_Required action_.
State how many lines of the data contain the word "bottom", and write nothing besides the number.

_Information shown_.
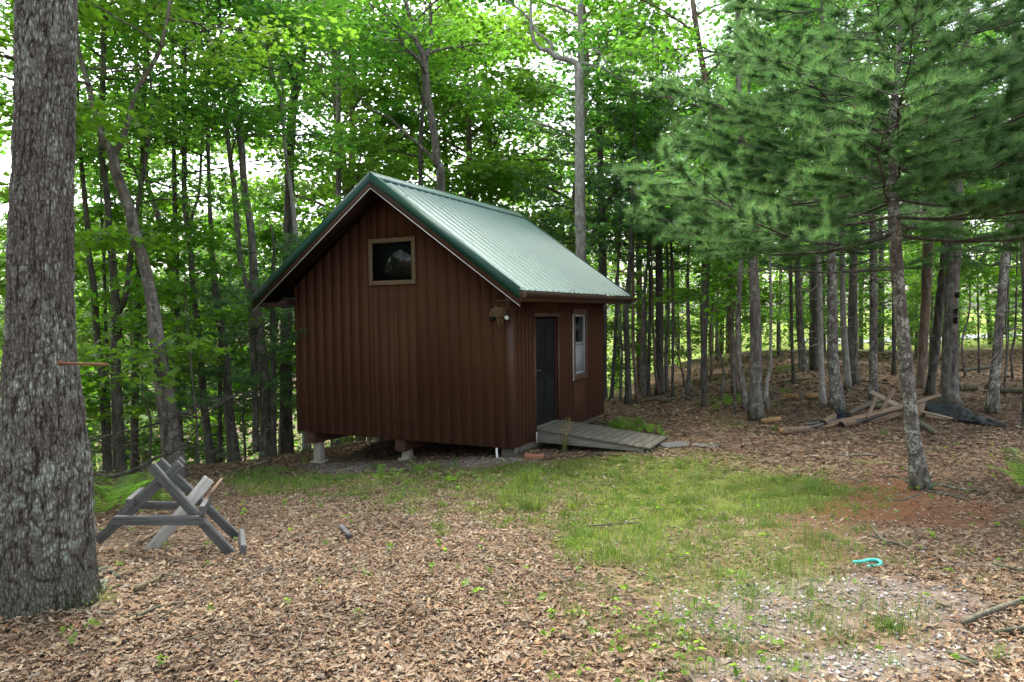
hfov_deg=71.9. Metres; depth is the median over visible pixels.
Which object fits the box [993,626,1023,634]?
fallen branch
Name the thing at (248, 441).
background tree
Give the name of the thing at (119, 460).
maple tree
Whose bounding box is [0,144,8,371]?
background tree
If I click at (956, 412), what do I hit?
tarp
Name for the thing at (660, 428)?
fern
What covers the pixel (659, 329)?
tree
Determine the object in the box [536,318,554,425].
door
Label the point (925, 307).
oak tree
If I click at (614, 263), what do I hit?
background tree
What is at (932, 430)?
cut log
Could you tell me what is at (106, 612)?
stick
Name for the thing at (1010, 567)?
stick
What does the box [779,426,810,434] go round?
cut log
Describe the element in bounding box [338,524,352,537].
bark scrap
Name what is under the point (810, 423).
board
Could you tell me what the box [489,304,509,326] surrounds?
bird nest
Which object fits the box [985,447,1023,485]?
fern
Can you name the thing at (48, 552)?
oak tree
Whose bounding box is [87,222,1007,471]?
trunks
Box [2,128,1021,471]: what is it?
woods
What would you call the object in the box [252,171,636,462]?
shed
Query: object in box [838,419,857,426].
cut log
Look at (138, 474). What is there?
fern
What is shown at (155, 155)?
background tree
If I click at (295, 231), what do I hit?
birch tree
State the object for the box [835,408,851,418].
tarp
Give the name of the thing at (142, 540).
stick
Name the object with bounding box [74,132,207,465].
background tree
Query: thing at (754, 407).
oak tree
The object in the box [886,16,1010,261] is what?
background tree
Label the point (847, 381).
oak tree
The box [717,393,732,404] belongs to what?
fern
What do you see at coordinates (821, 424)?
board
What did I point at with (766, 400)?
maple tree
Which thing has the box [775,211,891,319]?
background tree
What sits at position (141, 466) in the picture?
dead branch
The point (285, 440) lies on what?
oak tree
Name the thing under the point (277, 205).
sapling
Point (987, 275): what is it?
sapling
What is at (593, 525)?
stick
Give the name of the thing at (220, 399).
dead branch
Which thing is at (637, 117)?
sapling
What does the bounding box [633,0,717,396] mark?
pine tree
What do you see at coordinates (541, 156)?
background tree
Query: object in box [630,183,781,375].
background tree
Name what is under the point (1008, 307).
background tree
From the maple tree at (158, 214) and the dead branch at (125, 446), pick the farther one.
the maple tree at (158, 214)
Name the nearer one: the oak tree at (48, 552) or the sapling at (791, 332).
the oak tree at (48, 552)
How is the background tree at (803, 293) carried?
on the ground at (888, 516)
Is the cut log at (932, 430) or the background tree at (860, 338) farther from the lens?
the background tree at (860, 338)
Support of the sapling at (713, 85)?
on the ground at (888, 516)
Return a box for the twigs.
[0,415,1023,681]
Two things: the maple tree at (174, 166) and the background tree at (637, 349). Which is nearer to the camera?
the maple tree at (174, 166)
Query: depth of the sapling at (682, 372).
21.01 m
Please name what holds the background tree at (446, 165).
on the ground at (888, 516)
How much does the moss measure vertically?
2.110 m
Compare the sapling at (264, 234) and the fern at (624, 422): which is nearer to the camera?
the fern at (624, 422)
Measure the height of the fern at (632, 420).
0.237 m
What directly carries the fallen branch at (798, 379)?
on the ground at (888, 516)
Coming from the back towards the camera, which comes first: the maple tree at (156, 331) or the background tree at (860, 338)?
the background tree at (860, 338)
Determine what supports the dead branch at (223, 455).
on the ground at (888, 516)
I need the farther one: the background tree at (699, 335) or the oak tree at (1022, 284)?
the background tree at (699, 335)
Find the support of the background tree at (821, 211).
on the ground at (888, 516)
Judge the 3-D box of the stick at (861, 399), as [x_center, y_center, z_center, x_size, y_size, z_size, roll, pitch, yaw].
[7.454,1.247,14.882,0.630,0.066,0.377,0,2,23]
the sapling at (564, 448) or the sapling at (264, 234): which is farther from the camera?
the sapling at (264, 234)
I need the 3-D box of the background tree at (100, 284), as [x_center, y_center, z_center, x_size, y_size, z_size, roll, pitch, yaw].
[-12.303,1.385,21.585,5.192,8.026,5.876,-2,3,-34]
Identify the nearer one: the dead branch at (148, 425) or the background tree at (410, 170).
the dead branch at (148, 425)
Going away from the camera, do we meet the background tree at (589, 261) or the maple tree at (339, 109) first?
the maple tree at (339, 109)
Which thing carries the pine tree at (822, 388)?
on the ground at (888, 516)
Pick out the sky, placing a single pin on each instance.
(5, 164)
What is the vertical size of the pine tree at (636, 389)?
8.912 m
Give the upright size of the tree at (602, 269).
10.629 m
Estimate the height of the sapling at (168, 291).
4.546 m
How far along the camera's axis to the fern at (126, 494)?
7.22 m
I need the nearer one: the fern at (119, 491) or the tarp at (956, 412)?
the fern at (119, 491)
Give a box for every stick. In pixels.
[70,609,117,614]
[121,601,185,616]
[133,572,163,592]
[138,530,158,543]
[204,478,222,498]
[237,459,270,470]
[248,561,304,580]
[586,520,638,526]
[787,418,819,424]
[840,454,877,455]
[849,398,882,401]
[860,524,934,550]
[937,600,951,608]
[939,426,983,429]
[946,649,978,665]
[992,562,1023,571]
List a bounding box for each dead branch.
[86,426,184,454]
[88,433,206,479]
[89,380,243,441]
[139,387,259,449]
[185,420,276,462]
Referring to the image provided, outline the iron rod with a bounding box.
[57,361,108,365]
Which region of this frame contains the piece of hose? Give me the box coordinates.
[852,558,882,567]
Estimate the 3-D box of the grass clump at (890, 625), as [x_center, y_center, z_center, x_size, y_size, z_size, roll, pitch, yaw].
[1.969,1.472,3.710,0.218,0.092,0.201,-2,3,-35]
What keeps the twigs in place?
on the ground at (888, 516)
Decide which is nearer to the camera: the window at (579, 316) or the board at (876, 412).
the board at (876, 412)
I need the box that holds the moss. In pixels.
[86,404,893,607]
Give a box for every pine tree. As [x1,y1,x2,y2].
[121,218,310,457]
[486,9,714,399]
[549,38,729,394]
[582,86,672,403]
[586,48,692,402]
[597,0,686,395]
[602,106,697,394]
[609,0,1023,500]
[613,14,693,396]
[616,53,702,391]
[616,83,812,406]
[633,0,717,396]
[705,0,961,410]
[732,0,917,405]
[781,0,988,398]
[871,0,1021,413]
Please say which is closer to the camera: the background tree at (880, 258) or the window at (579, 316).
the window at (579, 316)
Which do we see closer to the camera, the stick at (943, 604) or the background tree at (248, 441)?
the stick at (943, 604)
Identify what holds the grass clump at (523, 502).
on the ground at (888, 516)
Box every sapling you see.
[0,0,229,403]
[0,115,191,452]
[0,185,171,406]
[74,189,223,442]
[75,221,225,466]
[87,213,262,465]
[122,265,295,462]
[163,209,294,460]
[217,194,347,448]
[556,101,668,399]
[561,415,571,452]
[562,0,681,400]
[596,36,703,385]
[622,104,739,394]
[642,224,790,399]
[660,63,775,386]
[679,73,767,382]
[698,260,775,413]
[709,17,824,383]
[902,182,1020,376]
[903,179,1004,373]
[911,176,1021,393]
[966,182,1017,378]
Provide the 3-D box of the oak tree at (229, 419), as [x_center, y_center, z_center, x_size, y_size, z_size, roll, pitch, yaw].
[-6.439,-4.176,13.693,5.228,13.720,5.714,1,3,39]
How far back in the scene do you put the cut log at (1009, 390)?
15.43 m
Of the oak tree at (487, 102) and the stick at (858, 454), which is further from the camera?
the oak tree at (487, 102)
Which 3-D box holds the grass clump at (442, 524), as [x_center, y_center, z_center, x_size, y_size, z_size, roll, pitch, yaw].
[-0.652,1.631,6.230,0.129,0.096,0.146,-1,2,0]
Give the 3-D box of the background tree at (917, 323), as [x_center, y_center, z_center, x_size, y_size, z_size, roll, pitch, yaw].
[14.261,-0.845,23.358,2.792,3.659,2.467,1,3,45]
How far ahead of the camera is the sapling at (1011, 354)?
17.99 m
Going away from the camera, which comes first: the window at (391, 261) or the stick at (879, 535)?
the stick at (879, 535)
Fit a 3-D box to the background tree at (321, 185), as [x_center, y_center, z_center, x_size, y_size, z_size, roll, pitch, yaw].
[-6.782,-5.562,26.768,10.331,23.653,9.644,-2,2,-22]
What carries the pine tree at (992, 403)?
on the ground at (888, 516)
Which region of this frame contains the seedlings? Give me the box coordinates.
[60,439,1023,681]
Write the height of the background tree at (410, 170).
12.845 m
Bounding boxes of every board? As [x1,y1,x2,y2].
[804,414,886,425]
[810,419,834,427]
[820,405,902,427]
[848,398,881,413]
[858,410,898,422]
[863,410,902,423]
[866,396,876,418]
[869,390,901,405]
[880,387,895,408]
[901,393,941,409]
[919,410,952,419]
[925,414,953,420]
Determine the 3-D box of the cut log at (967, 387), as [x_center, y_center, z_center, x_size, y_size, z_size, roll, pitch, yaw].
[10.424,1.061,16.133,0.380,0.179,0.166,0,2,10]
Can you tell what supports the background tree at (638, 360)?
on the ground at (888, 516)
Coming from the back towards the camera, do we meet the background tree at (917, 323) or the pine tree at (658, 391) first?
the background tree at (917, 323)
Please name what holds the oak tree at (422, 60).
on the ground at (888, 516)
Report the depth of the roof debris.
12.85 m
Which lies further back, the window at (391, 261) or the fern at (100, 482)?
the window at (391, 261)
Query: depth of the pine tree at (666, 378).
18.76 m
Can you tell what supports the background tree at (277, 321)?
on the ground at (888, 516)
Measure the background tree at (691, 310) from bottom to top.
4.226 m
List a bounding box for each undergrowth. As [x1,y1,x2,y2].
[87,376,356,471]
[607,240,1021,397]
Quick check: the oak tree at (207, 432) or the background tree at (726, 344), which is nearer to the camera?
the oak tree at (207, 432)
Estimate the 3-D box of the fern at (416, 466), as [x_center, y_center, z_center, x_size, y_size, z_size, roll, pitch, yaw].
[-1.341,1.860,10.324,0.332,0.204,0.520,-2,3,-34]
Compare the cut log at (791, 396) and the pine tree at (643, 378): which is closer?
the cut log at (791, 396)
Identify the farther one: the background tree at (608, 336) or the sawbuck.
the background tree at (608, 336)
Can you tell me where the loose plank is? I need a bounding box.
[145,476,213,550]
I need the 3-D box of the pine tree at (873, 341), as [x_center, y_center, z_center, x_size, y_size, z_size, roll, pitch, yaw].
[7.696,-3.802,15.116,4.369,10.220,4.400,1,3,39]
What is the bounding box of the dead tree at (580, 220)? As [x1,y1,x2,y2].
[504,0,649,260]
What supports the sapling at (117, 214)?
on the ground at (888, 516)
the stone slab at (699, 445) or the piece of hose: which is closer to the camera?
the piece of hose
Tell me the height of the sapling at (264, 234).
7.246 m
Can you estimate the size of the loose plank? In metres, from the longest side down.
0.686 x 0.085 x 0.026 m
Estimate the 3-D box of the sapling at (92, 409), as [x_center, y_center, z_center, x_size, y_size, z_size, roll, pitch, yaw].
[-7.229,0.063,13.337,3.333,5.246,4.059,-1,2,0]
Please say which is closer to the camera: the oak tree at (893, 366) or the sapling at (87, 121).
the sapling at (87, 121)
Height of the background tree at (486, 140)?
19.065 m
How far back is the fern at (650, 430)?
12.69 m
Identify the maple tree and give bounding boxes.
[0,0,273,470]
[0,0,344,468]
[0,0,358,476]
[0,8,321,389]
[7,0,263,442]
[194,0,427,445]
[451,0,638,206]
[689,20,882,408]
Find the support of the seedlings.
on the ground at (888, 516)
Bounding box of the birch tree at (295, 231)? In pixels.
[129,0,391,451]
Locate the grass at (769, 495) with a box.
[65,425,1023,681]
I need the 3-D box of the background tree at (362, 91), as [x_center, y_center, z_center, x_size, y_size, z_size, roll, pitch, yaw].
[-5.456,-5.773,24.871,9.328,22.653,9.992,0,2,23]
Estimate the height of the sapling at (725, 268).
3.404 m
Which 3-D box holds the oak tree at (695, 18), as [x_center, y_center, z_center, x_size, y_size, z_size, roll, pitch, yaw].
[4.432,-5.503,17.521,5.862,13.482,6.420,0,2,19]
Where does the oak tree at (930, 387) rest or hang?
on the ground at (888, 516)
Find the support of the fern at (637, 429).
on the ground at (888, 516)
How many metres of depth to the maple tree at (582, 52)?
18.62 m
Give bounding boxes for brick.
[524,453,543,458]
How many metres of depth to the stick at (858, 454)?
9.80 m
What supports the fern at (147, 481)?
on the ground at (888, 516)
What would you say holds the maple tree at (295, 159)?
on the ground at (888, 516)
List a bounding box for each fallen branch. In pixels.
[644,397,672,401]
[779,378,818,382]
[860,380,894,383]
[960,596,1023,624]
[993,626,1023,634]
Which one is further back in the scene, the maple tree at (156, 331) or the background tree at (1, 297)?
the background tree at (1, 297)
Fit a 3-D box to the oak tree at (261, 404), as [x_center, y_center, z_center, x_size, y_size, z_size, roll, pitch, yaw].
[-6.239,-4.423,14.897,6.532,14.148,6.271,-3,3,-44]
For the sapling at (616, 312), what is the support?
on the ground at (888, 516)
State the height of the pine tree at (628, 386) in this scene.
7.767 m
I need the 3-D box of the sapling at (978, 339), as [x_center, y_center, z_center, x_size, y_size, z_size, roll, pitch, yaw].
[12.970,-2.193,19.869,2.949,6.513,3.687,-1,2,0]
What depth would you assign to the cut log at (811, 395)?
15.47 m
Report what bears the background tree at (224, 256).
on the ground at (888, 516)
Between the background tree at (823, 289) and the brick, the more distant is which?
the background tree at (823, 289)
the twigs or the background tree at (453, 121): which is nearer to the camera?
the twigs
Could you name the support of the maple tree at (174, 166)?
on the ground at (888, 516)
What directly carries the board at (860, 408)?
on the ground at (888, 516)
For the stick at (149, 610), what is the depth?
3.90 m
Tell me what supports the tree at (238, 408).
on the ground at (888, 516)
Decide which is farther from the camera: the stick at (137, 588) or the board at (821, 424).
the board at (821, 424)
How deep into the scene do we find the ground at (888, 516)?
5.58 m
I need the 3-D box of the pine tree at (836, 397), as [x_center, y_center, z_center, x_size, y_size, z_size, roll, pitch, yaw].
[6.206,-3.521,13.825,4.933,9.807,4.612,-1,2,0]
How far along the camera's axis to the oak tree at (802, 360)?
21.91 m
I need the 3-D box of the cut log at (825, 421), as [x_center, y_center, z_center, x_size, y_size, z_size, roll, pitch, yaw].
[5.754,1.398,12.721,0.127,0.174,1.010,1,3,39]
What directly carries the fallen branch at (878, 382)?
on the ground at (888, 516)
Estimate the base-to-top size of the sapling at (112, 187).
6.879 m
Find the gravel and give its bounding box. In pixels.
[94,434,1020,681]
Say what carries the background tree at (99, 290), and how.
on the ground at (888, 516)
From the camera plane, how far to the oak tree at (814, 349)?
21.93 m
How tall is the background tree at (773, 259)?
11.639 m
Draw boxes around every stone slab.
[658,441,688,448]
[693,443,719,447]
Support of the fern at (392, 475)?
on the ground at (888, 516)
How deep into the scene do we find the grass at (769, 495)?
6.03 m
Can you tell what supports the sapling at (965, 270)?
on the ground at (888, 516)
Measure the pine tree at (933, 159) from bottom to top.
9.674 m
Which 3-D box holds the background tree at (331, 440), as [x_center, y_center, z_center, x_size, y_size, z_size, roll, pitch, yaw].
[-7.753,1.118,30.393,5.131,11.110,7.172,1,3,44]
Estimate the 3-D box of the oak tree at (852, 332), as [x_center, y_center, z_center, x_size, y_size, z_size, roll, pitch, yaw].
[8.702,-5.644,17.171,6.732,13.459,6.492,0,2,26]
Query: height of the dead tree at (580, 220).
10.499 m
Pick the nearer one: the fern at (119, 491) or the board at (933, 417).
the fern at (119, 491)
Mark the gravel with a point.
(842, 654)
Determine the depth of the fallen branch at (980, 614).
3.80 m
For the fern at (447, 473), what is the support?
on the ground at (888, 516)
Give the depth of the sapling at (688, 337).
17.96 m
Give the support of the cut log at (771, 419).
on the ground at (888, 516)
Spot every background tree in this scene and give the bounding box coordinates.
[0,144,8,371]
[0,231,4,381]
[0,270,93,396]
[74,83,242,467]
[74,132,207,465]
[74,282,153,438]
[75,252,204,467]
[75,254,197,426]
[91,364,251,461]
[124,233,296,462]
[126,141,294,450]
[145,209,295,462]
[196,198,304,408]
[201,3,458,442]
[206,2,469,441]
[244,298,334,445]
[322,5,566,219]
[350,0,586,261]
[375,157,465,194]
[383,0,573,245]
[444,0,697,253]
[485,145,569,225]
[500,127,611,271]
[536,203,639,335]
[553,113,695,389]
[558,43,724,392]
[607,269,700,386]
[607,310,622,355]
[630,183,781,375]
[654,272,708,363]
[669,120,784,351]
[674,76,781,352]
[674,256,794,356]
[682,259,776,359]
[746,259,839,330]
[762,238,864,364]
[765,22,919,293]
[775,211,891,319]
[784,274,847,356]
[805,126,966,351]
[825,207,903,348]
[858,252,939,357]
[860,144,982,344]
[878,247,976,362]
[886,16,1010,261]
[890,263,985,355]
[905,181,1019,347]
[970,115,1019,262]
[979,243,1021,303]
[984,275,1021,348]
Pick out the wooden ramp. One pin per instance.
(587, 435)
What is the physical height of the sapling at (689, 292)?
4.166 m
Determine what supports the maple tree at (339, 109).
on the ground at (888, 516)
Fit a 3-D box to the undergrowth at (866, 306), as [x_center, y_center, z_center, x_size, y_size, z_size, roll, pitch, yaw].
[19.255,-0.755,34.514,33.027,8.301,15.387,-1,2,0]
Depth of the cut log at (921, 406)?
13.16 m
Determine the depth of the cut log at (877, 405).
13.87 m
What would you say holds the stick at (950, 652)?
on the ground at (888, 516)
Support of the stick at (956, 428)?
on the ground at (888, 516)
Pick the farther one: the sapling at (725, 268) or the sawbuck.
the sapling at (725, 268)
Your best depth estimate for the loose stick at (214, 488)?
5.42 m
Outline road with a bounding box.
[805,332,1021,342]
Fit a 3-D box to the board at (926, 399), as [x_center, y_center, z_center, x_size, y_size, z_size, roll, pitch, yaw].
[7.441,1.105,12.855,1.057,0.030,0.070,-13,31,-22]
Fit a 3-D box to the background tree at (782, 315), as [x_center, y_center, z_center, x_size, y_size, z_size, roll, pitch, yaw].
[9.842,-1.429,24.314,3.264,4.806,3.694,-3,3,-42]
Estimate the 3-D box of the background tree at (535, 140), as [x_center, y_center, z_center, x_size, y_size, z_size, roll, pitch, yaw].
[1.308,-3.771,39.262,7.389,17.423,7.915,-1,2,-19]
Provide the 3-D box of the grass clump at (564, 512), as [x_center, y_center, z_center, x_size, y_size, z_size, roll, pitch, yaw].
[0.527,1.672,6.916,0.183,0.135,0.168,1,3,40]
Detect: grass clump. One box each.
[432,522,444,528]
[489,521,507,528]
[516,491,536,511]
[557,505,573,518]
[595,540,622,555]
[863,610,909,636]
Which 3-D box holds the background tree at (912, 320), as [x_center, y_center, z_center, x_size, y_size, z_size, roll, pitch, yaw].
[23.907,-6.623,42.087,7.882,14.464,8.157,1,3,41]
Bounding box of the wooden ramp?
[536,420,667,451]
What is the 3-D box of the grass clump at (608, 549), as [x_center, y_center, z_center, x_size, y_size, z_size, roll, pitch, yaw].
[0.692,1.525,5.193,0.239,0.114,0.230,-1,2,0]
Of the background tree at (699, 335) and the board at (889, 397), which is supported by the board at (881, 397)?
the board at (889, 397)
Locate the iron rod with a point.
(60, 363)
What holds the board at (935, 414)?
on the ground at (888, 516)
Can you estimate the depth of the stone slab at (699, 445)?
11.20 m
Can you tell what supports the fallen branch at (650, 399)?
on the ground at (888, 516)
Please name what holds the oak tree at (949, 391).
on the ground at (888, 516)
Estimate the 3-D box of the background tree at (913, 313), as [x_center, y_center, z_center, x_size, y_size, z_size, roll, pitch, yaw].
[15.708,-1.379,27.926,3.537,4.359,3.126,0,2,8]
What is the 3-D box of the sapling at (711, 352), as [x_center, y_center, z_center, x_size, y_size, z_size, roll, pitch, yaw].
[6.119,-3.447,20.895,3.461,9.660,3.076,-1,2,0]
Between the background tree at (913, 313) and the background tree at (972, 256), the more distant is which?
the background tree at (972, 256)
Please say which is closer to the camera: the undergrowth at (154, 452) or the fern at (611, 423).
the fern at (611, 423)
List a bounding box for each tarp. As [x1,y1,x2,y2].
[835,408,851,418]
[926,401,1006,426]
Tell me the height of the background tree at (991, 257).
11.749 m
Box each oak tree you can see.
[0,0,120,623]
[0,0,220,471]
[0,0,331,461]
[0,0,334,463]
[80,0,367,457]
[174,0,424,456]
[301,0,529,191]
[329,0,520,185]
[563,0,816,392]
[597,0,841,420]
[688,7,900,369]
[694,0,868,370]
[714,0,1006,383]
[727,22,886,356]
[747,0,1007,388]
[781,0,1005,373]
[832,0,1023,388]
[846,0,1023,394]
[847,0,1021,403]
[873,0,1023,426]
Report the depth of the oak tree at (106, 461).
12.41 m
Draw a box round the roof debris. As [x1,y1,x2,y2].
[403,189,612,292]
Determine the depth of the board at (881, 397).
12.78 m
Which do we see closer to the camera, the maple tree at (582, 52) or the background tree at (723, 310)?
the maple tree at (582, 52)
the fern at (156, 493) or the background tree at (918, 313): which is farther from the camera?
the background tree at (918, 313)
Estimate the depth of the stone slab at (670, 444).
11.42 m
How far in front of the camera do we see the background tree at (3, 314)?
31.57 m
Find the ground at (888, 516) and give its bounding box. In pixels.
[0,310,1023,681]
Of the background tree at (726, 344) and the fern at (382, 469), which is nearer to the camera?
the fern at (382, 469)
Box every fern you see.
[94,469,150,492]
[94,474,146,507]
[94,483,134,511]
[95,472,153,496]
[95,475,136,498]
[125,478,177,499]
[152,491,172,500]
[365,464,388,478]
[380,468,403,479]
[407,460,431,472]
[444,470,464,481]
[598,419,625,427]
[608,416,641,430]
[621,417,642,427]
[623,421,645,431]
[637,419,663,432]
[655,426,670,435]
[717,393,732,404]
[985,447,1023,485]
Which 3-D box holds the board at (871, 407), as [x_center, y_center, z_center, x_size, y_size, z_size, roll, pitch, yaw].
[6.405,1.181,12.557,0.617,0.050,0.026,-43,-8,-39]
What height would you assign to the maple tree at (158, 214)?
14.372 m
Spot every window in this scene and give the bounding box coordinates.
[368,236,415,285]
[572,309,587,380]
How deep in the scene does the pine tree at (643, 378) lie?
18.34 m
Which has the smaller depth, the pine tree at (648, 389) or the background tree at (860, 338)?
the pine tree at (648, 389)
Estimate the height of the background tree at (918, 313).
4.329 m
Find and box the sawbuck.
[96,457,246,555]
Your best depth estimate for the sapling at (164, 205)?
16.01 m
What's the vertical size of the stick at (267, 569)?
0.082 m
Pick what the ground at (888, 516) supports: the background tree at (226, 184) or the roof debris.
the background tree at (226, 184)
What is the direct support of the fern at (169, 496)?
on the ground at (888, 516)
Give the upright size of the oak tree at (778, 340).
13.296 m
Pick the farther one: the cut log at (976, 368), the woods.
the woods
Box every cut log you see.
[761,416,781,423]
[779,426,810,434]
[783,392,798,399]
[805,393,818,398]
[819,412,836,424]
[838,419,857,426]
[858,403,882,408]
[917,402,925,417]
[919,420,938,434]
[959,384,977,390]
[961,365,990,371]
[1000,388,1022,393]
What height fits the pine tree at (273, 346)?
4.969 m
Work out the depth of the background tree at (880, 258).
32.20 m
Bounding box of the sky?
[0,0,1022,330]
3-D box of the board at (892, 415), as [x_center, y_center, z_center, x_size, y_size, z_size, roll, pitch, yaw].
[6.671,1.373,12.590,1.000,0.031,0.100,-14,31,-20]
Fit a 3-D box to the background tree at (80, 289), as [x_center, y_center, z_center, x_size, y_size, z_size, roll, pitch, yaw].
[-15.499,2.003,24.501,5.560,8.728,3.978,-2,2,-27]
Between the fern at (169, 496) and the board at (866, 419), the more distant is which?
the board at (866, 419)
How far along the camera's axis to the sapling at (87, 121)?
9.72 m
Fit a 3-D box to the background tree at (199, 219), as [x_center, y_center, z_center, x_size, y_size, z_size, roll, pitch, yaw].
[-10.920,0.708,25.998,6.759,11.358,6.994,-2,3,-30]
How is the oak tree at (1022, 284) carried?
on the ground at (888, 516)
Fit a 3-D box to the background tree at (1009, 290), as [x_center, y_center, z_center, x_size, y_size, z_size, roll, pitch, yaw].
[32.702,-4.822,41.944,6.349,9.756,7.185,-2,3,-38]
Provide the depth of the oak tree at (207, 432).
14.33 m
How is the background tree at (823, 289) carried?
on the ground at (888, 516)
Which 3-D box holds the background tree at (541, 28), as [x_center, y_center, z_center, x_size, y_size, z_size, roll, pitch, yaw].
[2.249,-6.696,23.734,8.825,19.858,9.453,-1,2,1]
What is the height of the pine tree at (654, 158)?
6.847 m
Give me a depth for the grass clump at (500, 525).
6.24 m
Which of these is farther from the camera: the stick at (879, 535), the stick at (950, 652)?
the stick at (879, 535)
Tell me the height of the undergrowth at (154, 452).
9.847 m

_Result of the exercise_.
2